Here are instructions for performing a chest press, which is a popular exercise for targeting the chest muscles:

1. Setup:

- Start by sitting on a flat bench with your feet planted firmly on the floor.

- Position yourself in a way that your back is supported by the bench, and your shoulder blades are in contact with the surface.

- Hold a dumbbell in each hand or grasp the barbell with an overhand grip slightly wider than shoulder-width apart.

2. Starting Position:

- Lift the dumbbells or the barbell off the rack (if using a barbell) and extend your arms fully above your chest, with your palms facing forward.

- This is the starting position for the exercise.

3. Movement:

- Slowly lower the dumbbells or the barbell towards your chest in a controlled manner while keeping your elbows at a 50-70 -degree angle.

- Breathe in as you lower the weights, maintaining stability and control throughout the movement.

- Aim to bring the weights to around chest level or slightly below, without bouncing them off your chest.

- Pause briefly at the bottom of the movement, feeling a stretch in your chest muscles.

4. Return to Starting Position:

- Push the weights upward using your chest muscles, while exhaling and keeping your movements smooth.

- Fully extend your arms back to the starting position, but avoid locking out your elbows to maintain tension in your muscles.

- Squeeze your chest muscles at the top of the movement for an extra contraction.


- Maintain proper form and control throughout the exercise.
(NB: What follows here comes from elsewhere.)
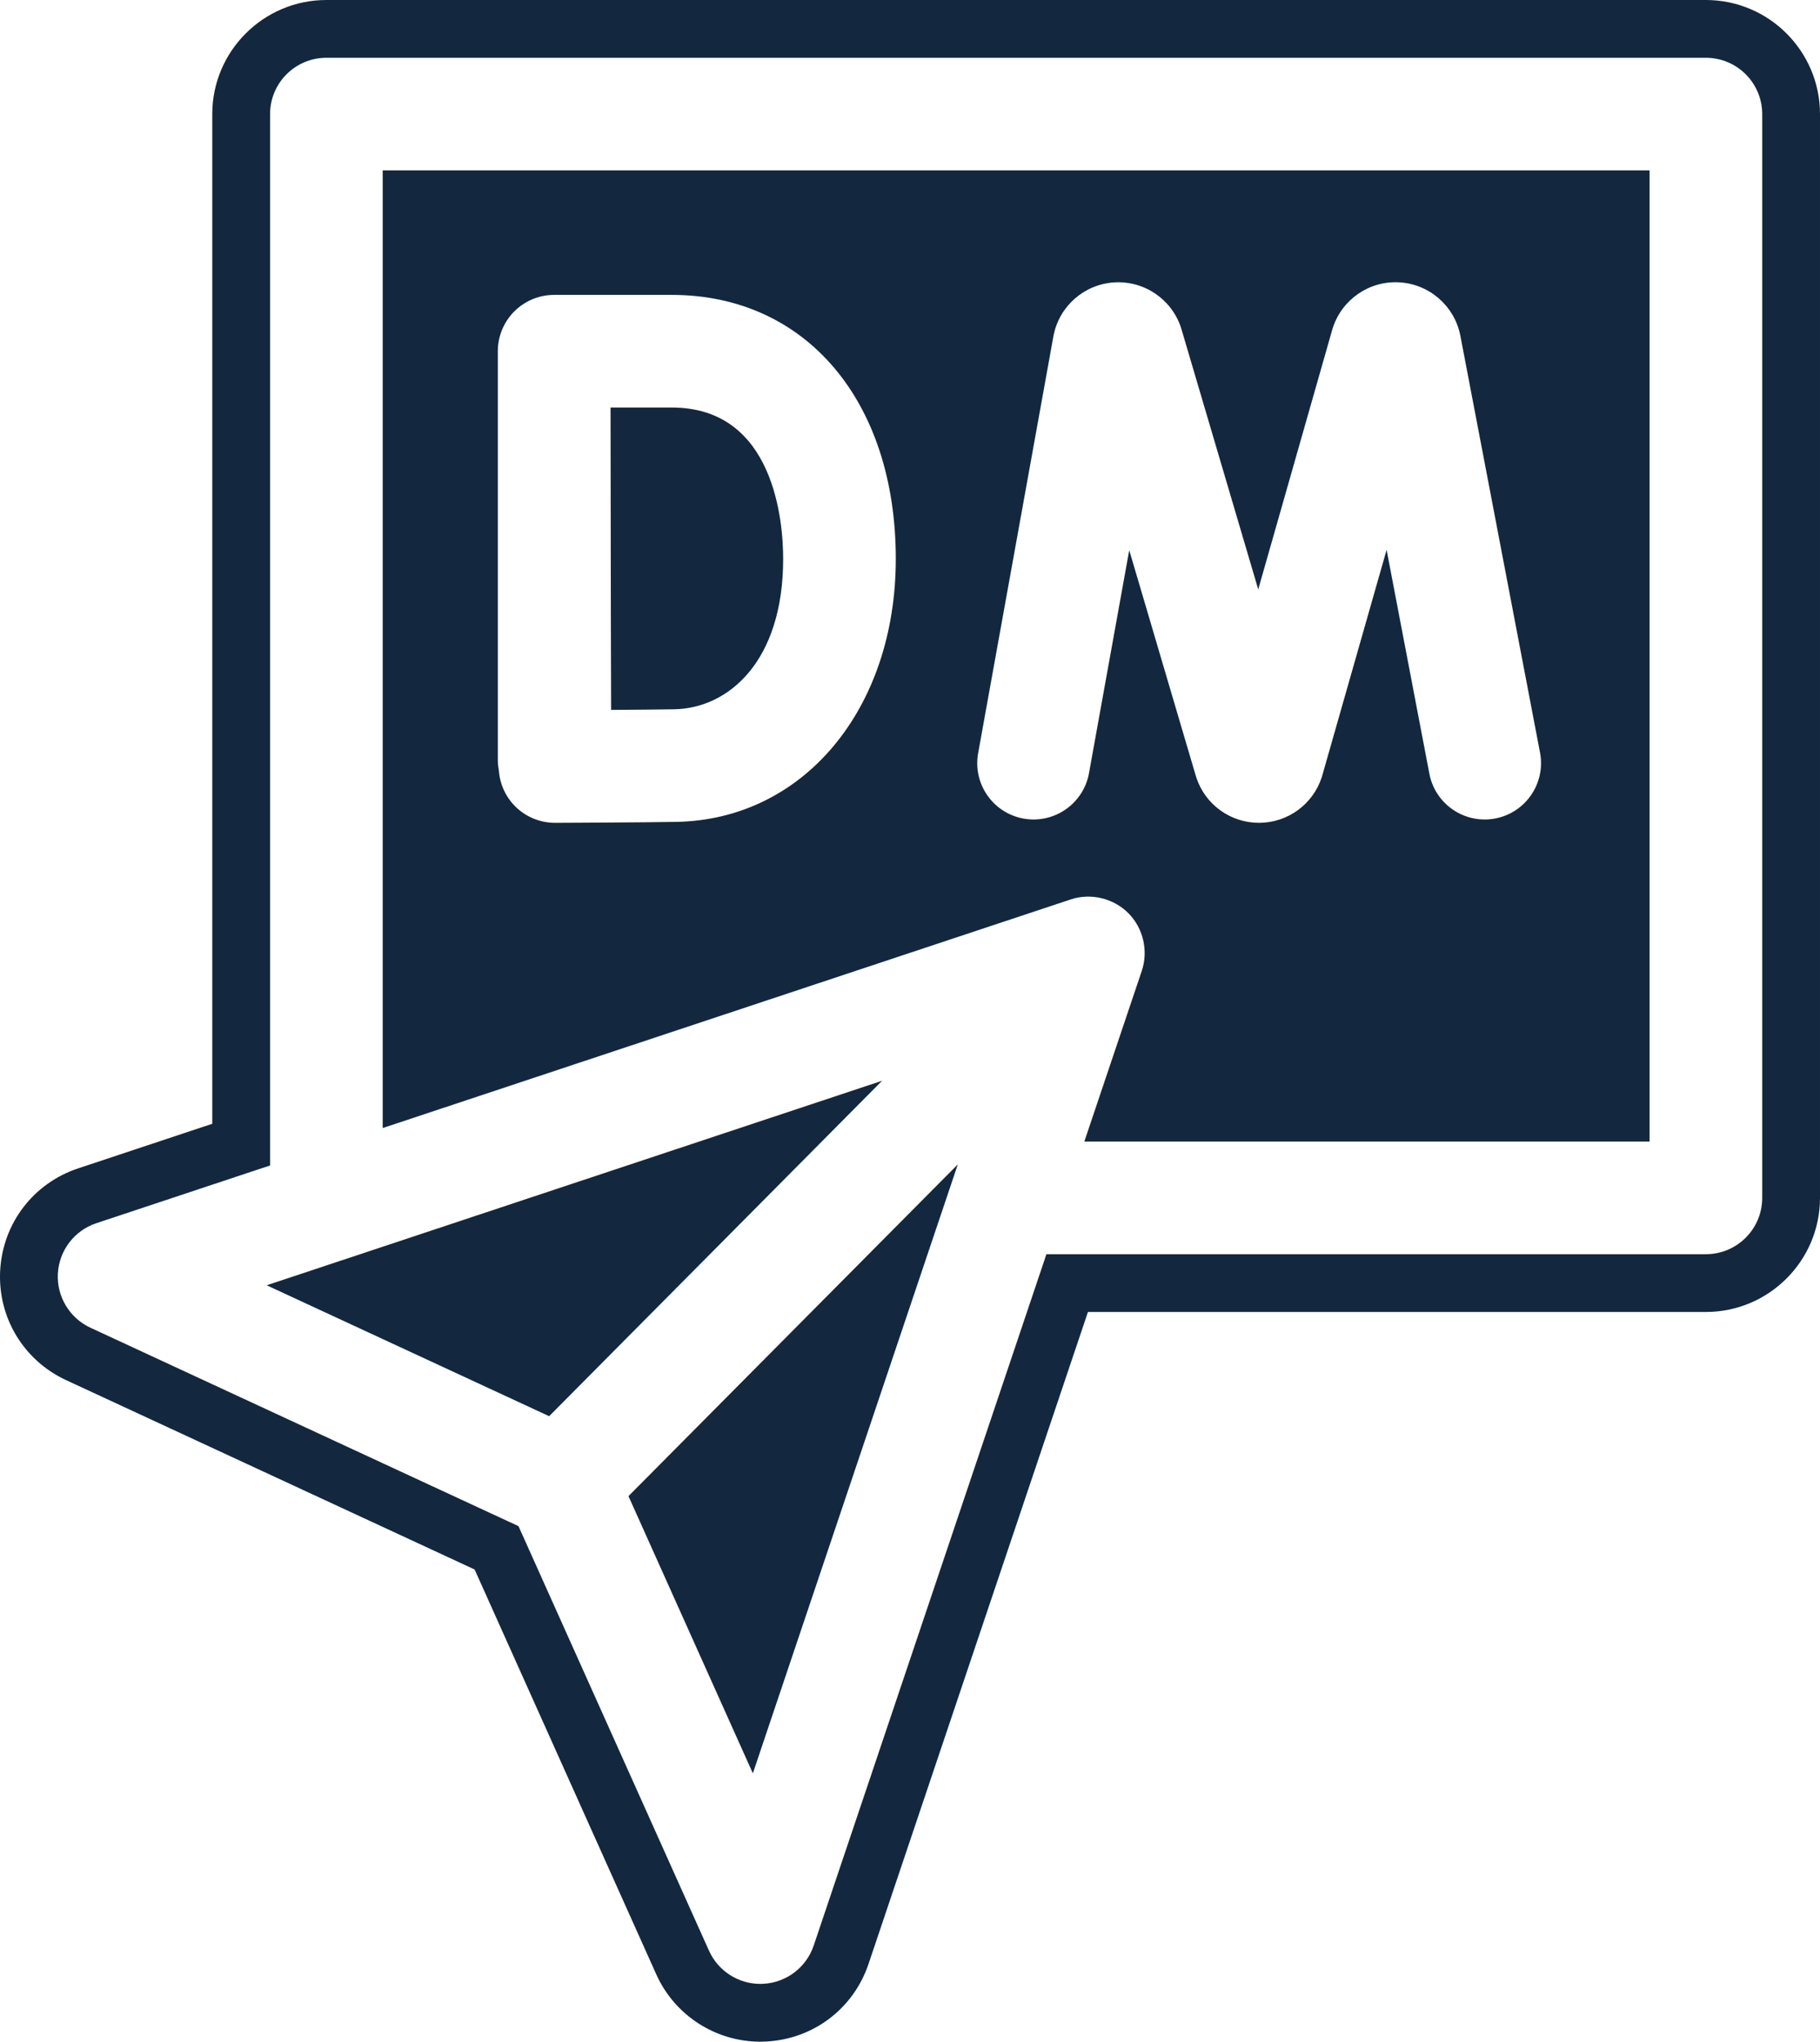 <?xml version="1.0" encoding="UTF-8" standalone="no"?><svg xmlns="http://www.w3.org/2000/svg" xmlns:xlink="http://www.w3.org/1999/xlink" fill="#13283e" height="500" preserveAspectRatio="xMidYMid meet" version="1" viewBox="0.0 0.0 445.7 500.0" width="445.7" zoomAndPan="magnify"><defs><clipPath id="a"><path d="M 0 0 L 445.699 0 L 445.699 500 L 0 500 Z M 0 0"/></clipPath></defs><g><g id="change1_1"><path d="M 184.367 434.277 L 234.559 285.152 L 153.906 366.395 Z M 184.367 434.277"/></g><g id="change1_2"><path d="M 65.305 314.758 L 134.48 346.82 L 216.02 264.672 Z M 65.305 314.758"/></g><g clip-path="url(#a)" id="change1_5"><path d="M 431.547 293.359 C 431.547 300.977 425.371 307.148 417.754 307.148 L 256.258 307.148 L 199.27 476.457 C 197.461 481.832 192.539 485.559 186.867 485.828 C 186.641 485.844 186.422 485.848 186.195 485.848 C 180.789 485.848 175.852 482.68 173.617 477.699 L 126.973 373.746 L 22.145 325.152 C 17.016 322.773 13.855 317.504 14.172 311.859 C 14.496 306.215 18.23 301.332 23.598 299.555 L 66.137 285.418 L 66.137 27.941 C 66.137 20.328 72.312 14.152 79.926 14.152 L 417.754 14.152 C 425.371 14.152 431.547 20.328 431.547 27.941 Z M 417.754 0 L 79.926 0 C 64.52 0 51.984 12.535 51.984 27.941 L 51.984 275.207 L 19.148 286.125 C 8.203 289.754 0.703 299.539 0.043 311.082 C -0.598 322.59 5.746 333.145 16.195 337.992 L 116.227 384.359 L 160.707 483.492 C 165.199 493.523 175.203 500 186.195 500 C 186.426 500 187.328 499.973 187.559 499.961 C 199.125 499.402 208.988 491.949 212.688 480.977 L 266.426 321.297 L 417.754 321.297 C 433.16 321.297 445.699 308.762 445.699 293.355 L 445.699 27.941 C 445.699 12.535 433.16 0 417.754 0"/></g><g id="change1_3"><path d="M 121.91 86.035 C 121.906 82.375 123.355 78.863 125.941 76.266 C 128.527 73.676 132.039 72.219 135.703 72.219 L 164.508 72.219 C 197.324 72.219 219.371 98.199 219.371 136.863 C 219.371 173.645 196.758 200.734 165.594 201.277 C 157.383 201.422 136.836 201.504 135.961 201.508 L 135.91 201.508 C 132.273 201.508 128.777 200.07 126.195 197.504 C 123.816 195.141 122.402 192.004 122.164 188.676 C 122.008 187.828 121.91 186.961 121.91 186.062 Z M 239.539 184.445 L 257.961 82.391 C 257.973 82.332 257.98 82.285 257.992 82.227 C 259.379 75.023 265.461 69.648 272.781 69.164 C 280.113 68.672 286.84 73.188 289.18 80.141 C 289.23 80.301 289.285 80.465 289.332 80.629 L 308.129 144.336 L 326.246 80.766 C 326.293 80.609 326.336 80.449 326.391 80.293 C 328.652 73.316 335.344 68.715 342.672 69.145 C 349.992 69.559 356.129 74.863 357.594 82.055 C 357.602 82.105 357.613 82.164 357.629 82.215 L 377.137 184.309 C 378.562 191.785 373.656 199.012 366.18 200.441 C 358.695 201.871 351.469 196.965 350.039 189.48 L 339.566 134.652 L 323.828 189.855 C 323.777 190.016 323.73 190.18 323.684 190.34 C 321.523 196.977 315.379 201.469 308.391 201.504 L 308.309 201.504 C 301.355 201.504 295.211 197.09 292.992 190.492 C 292.941 190.328 292.891 190.164 292.84 190 L 276.539 134.742 L 266.684 189.344 C 265.328 196.84 258.145 201.812 250.66 200.469 C 243.164 199.113 238.184 191.938 239.539 184.445 Z M 93.719 276.254 L 262.195 220.27 C 267.094 218.637 272.613 219.957 276.27 223.578 C 279.953 227.227 281.27 232.848 279.613 237.754 L 265.539 279.566 L 403.965 279.566 L 403.965 41.73 L 93.719 41.73 L 93.719 276.254"/></g><g id="change1_4"><path d="M 149.656 173.852 C 155.395 173.812 161.535 173.766 165.109 173.699 C 178.395 173.465 191.789 161.988 191.789 136.859 C 191.789 128.168 189.824 99.801 164.508 99.801 L 149.516 99.801 C 149.539 112.246 149.57 129.652 149.57 136.75 C 149.57 145.172 149.617 161.867 149.656 173.852"/></g></g></svg>

Avoid excessive arching of the back or lifting the hips off the bench.

- Keep your shoulders stable and avoid shrugging or rolling them forward during the movement.

- Engage your core muscles to maintain stability and support your body throughout the exercise.

- Choose weights that challenge you but still allow for proper form and control. Gradually increase the weight as your strength improves.